━━━━━ EXTRACTED ENTRIES ━━━━━

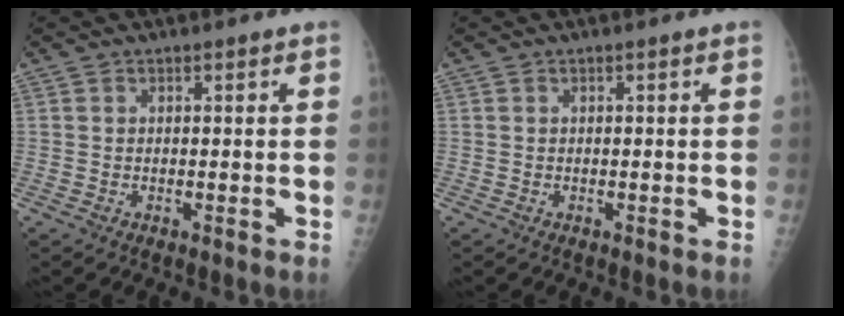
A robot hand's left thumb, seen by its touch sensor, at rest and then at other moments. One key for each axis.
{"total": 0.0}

━━━━━
━━━━━ EXTRACTED ENTRIES ━━━━━

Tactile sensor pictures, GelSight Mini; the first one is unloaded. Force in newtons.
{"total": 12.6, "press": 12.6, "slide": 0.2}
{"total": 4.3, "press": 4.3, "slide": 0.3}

━━━━━
━━━━━ EXTRACTED ENTRIES ━━━━━

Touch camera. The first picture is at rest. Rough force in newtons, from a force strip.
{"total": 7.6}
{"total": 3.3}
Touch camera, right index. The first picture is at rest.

━━━━━

### ASSIGNED TASK
Return exactly, and only, the lines above starting at the line that contains "Touch camera. The" and ending at the line that contains "Touch camera, right".

### PROBLEM SOLUTION
Touch camera. The first picture is at rest. Rough force in newtons, from a force strip.
{"total": 7.6}
{"total": 3.3}
Touch camera, right index. The first picture is at rest.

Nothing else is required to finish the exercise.